Assignment:
Look over the material for the string "beige". Copy every line where it turns up.

*** Records to process Section Begins ***

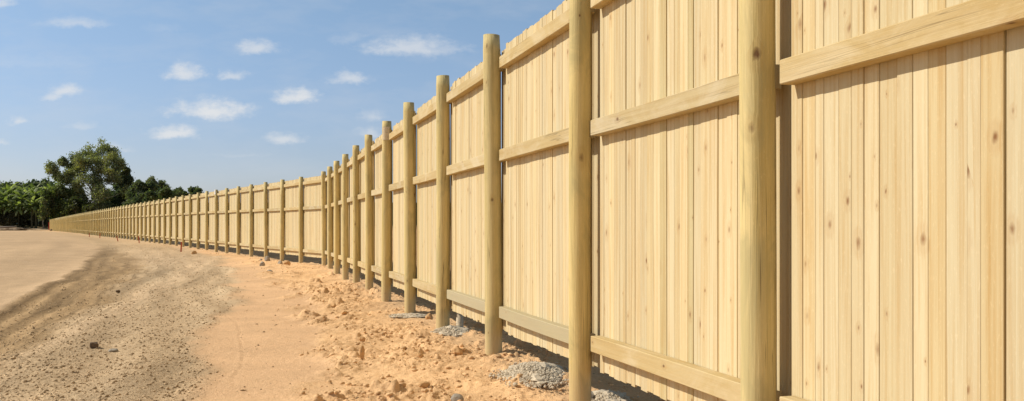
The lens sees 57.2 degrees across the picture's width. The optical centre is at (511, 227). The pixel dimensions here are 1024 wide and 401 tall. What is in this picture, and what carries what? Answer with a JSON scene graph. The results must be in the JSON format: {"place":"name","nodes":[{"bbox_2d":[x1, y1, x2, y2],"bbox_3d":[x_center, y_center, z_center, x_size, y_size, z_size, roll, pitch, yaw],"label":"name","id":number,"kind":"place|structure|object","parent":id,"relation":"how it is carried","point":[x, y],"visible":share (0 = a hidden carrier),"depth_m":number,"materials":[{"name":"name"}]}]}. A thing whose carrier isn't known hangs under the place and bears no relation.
{"place":"outdoors","nodes":[
{"label":"outdoors","id":0,"kind":"place"},
{"bbox_2d":[0,244,247,400],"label":"gravel","id":1,"kind":"structure","parent":0,"point":[89,374],"depth_m":9.40,"materials":[{"name":"beige gravel"}]},
{"bbox_2d":[89,342,98,347],"bbox_3d":[-4.217,1.182,9.483,0.082,0.062,0.081,0,0,-18],"label":"stone block","id":2,"kind":"object","parent":1,"relation":"on","point":[93,345],"depth_m":9.45,"materials":[{"name":"brown stone"}]},
{"bbox_2d":[0,0,564,202],"label":"sky","id":3,"kind":"structure","parent":0,"point":[211,95],"materials":[{"name":"blue"}]},
{"bbox_2d":[0,203,669,400],"bbox_3d":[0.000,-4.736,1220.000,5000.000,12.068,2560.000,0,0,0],"label":"ground","id":4,"kind":"structure","parent":0,"point":[32,262],"depth_m":10.85,"materials":[{"name":"beige soil"}]},
{"bbox_2d":[0,194,14,225],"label":"banana plant","id":5,"kind":"object","parent":4,"relation":"on","point":[4,200],"visible":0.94,"depth_m":267.08,"materials":[{"name":"green plant"}]},
{"bbox_2d":[0,187,14,225],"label":"banana plant","id":6,"kind":"object","parent":4,"relation":"on","point":[1,192],"visible":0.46,"depth_m":274.96,"materials":[{"name":"green plant"}]},
{"bbox_2d":[0,182,17,200],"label":"banana plant","id":7,"kind":"object","parent":4,"relation":"on","point":[7,187],"visible":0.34,"depth_m":280.91,"materials":[{"name":"green plant"}]},
{"bbox_2d":[0,210,18,225],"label":"shrub","id":8,"kind":"object","parent":4,"relation":"on","point":[8,219],"visible":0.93,"depth_m":266.07,"materials":[{"name":"green plant"}]},
{"bbox_2d":[2,193,16,208],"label":"banana plant","id":9,"kind":"object","parent":4,"relation":"on","point":[11,197],"visible":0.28,"depth_m":273.26,"materials":[{"name":"green plant"}]},
{"bbox_2d":[1,198,19,215],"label":"banana plant","id":10,"kind":"object","parent":4,"relation":"on","point":[10,203],"visible":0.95,"depth_m":266.82,"materials":[{"name":"green plant"}]},
{"bbox_2d":[1,187,20,201],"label":"banana plant","id":11,"kind":"object","parent":4,"relation":"on","point":[11,192],"visible":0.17,"depth_m":279.14,"materials":[{"name":"green plant"}]},
{"bbox_2d":[0,179,24,221],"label":"tree","id":12,"kind":"object","parent":4,"relation":"on","point":[9,183],"visible":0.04,"depth_m":299.18,"materials":[{"name":"green plant"}]},
{"bbox_2d":[0,228,26,230],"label":"dirt bank","id":13,"kind":"structure","parent":4,"relation":"on","point":[12,229],"depth_m":250.44,"materials":[{"name":"beige soil"}]},
{"bbox_2d":[0,226,16,227],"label":"log","id":14,"kind":"object","parent":13,"relation":"on","point":[8,226],"visible":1,"depth_m":248.31,"materials":[{"name":"green wood"}]},
{"bbox_2d":[10,200,29,227],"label":"banana plant","id":15,"kind":"object","parent":4,"relation":"on","point":[19,205],"visible":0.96,"depth_m":266.77,"materials":[{"name":"green plant"}]},
{"bbox_2d":[9,186,34,224],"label":"banana plant","id":16,"kind":"object","parent":4,"relation":"on","point":[25,190],"visible":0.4,"depth_m":273.28,"materials":[{"name":"green plant"}]},
{"bbox_2d":[9,190,37,227],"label":"banana plant","id":17,"kind":"object","parent":4,"relation":"on","point":[22,195],"visible":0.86,"depth_m":268.65,"materials":[{"name":"green plant"}]},
{"bbox_2d":[17,215,34,227],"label":"shrub","id":18,"kind":"object","parent":4,"relation":"on","point":[23,220],"visible":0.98,"depth_m":267.85,"materials":[{"name":"green plant"}]},
{"bbox_2d":[21,196,38,227],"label":"banana plant","id":19,"kind":"object","parent":4,"relation":"on","point":[31,206],"visible":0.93,"depth_m":266.96,"materials":[{"name":"green plant"}]},
{"bbox_2d":[23,187,40,225],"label":"banana plant","id":20,"kind":"object","parent":4,"relation":"on","point":[35,190],"visible":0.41,"depth_m":273.99,"materials":[{"name":"green plant"}]},
{"bbox_2d":[26,197,41,227],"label":"banana plant","id":21,"kind":"object","parent":4,"relation":"on","point":[36,203],"visible":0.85,"depth_m":267.26,"materials":[{"name":"green plant"}]},
{"bbox_2d":[28,190,40,225],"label":"banana plant","id":22,"kind":"object","parent":4,"relation":"on","point":[38,202],"visible":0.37,"depth_m":274.86,"materials":[{"name":"green plant"}]},
{"bbox_2d":[27,186,41,224],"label":"banana plant","id":23,"kind":"object","parent":4,"relation":"on","point":[40,198],"visible":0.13,"depth_m":278.91,"materials":[{"name":"green plant"}]},
{"bbox_2d":[36,188,48,225],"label":"banana plant","id":24,"kind":"object","parent":4,"relation":"on","point":[47,222],"visible":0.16,"depth_m":273.44,"materials":[{"name":"green plant"}]},
{"bbox_2d":[23,177,64,218],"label":"tree","id":25,"kind":"object","parent":4,"relation":"on","point":[38,182],"visible":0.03,"depth_m":298.53,"materials":[{"name":"green plant"}]},
{"bbox_2d":[37,198,51,228],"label":"sapling","id":26,"kind":"object","parent":4,"relation":"on","point":[43,210],"visible":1,"depth_m":265.24,"materials":[{"name":"green plant"}]},
{"bbox_2d":[38,183,75,220],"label":"tree","id":27,"kind":"object","parent":4,"relation":"on","point":[59,205],"visible":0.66,"depth_m":271.11,"materials":[{"name":"green plant"}]},
{"bbox_2d":[60,196,96,216],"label":"tree","id":28,"kind":"object","parent":4,"relation":"on","point":[74,204],"visible":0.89,"depth_m":266.91,"materials":[{"name":"green plant"}]},
{"bbox_2d":[44,137,134,213],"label":"gum tree","id":29,"kind":"object","parent":4,"relation":"on","point":[78,165],"visible":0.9,"depth_m":274.88,"materials":[{"name":"green plant"}]},
{"bbox_2d":[77,184,119,213],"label":"tree","id":30,"kind":"object","parent":4,"relation":"on","point":[113,194],"visible":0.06,"depth_m":293.59,"materials":[{"name":"green plant"}]},
{"bbox_2d":[108,348,118,351],"bbox_3d":[-3.925,1.209,9.254,0.092,0.039,0.092,0,0,0],"label":"stone","id":31,"kind":"object","parent":4,"relation":"on","point":[113,350],"visible":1,"depth_m":9.23,"materials":[{"name":"grey stone"}]},
{"bbox_2d":[110,166,133,207],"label":"tree","id":32,"kind":"object","parent":4,"relation":"on","point":[118,200],"visible":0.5,"depth_m":282.80,"materials":[{"name":"green plant"}]},
{"bbox_2d":[122,179,158,206],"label":"tree","id":33,"kind":"object","parent":4,"relation":"on","point":[134,193],"visible":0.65,"depth_m":254.82,"materials":[{"name":"green plant"}]},
{"bbox_2d":[145,176,170,193],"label":"tree","id":34,"kind":"object","parent":4,"relation":"on","point":[160,183],"visible":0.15,"depth_m":291.50,"materials":[{"name":"green plant"}]},
{"bbox_2d":[142,185,183,202],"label":"tree","id":35,"kind":"object","parent":4,"relation":"on","point":[164,192],"visible":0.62,"depth_m":235.47,"materials":[{"name":"green plant"}]},
{"bbox_2d":[183,185,203,195],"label":"tree","id":36,"kind":"object","parent":4,"relation":"on","point":[193,190],"visible":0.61,"depth_m":246.92,"materials":[{"name":"green plant"}]},
{"bbox_2d":[1,248,594,400],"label":"pebbles","id":37,"kind":"object","parent":4,"relation":"on","point":[240,337],"visible":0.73,"depth_m":9.50,"materials":[{"name":"stone"}]},
{"bbox_2d":[359,345,364,359],"bbox_3d":[-1.342,1.113,8.392,0.053,0.133,0.050,0,0,0],"label":"clay clod","id":38,"kind":"object","parent":4,"relation":"on","point":[361,351],"visible":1,"depth_m":8.38,"materials":[{"name":"orange soil"}]},
{"bbox_2d":[359,336,365,341],"bbox_3d":[-1.565,1.162,9.812,0.073,0.061,0.051,0,0,0],"label":"clay clod","id":39,"kind":"object","parent":4,"relation":"on","point":[362,338],"visible":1,"depth_m":9.79,"materials":[{"name":"orange soil"}]},
{"bbox_2d":[381,313,425,317],"bbox_3d":[-1.426,1.182,12.746,0.659,0.051,0.700,0,0,0],"label":"rubble heap","id":40,"kind":"object","parent":4,"relation":"on","point":[409,315],"visible":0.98,"depth_m":12.63,"materials":[{"name":"gravel"}]},
{"bbox_2d":[164,244,665,400],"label":"dirt clods","id":41,"kind":"object","parent":4,"relation":"on","point":[425,390],"visible":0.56,"depth_m":8.44,"materials":[{"name":"soil"}]},
{"bbox_2d":[412,352,422,357],"bbox_3d":[-0.838,1.145,8.361,0.106,0.084,0.077,0,0,30],"label":"clay clod","id":42,"kind":"object","parent":4,"relation":"on","point":[419,354],"visible":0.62,"depth_m":8.33,"materials":[{"name":"orange soil"}]},
{"bbox_2d":[418,381,429,387],"bbox_3d":[-0.660,1.173,7.012,0.106,0.060,0.075,0,0,-31],"label":"clay clod","id":43,"kind":"object","parent":4,"relation":"on","point":[424,384],"visible":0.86,"depth_m":6.98,"materials":[{"name":"orange soil"}]},
{"bbox_2d":[425,313,432,319],"bbox_3d":[-1.077,1.163,12.194,0.100,0.121,0.091,0,0,0],"label":"clay clod","id":44,"kind":"object","parent":4,"relation":"on","point":[428,316],"visible":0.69,"depth_m":12.17,"materials":[{"name":"orange soil"}]},
{"bbox_2d":[430,325,479,336],"bbox_3d":[-0.675,1.153,10.734,0.633,0.091,1.210,0,0,0],"label":"rubble heap","id":45,"kind":"object","parent":4,"relation":"on","point":[453,330],"visible":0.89,"depth_m":10.60,"materials":[{"name":"gravel"}]},
{"bbox_2d":[456,313,462,325],"bbox_3d":[-0.620,1.096,11.150,0.090,0.226,0.090,0,0,0],"label":"peg","id":46,"kind":"object","parent":45,"relation":"on","point":[459,319],"visible":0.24,"depth_m":11.12,"materials":[{"name":"concrete"}]},
{"bbox_2d":[451,347,462,355],"bbox_3d":[-0.506,1.146,8.680,0.107,0.104,0.104,0,0,0],"label":"clay clod","id":47,"kind":"object","parent":4,"relation":"on","point":[457,351],"visible":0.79,"depth_m":8.65,"materials":[{"name":"orange soil"}]},
{"bbox_2d":[451,393,463,400],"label":"stone","id":48,"kind":"object","parent":4,"relation":"on","point":[455,397],"visible":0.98,"depth_m":6.54,"materials":[{"name":"grey stone"}]},
{"bbox_2d":[489,361,568,388],"bbox_3d":[0.188,1.136,7.581,0.749,0.123,1.539,0,0,0],"label":"rubble heap","id":49,"kind":"object","parent":4,"relation":"on","point":[539,374],"visible":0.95,"depth_m":7.36,"materials":[{"name":"gravel"}]},
{"bbox_2d":[50,0,1023,400],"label":"paling fence","id":50,"kind":"object","parent":4,"relation":"on","point":[744,200],"visible":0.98,"depth_m":4.68,"materials":[{"name":"brown wood"}]},
{"bbox_2d":[591,389,638,400],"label":"rubble heap","id":51,"kind":"object","parent":4,"relation":"on","point":[605,395],"visible":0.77,"depth_m":6.57,"materials":[{"name":"gravel"}]}
]}

*** Records to process Section Ends ***

Reply:
{"bbox_2d":[0,244,247,400],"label":"gravel","id":1,"kind":"structure","parent":0,"point":[89,374],"depth_m":9.40,"materials":[{"name":"beige gravel"}]},
{"bbox_2d":[0,203,669,400],"bbox_3d":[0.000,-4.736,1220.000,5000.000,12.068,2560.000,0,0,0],"label":"ground","id":4,"kind":"structure","parent":0,"point":[32,262],"depth_m":10.85,"materials":[{"name":"beige soil"}]},
{"bbox_2d":[0,228,26,230],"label":"dirt bank","id":13,"kind":"structure","parent":4,"relation":"on","point":[12,229],"depth_m":250.44,"materials":[{"name":"beige soil"}]},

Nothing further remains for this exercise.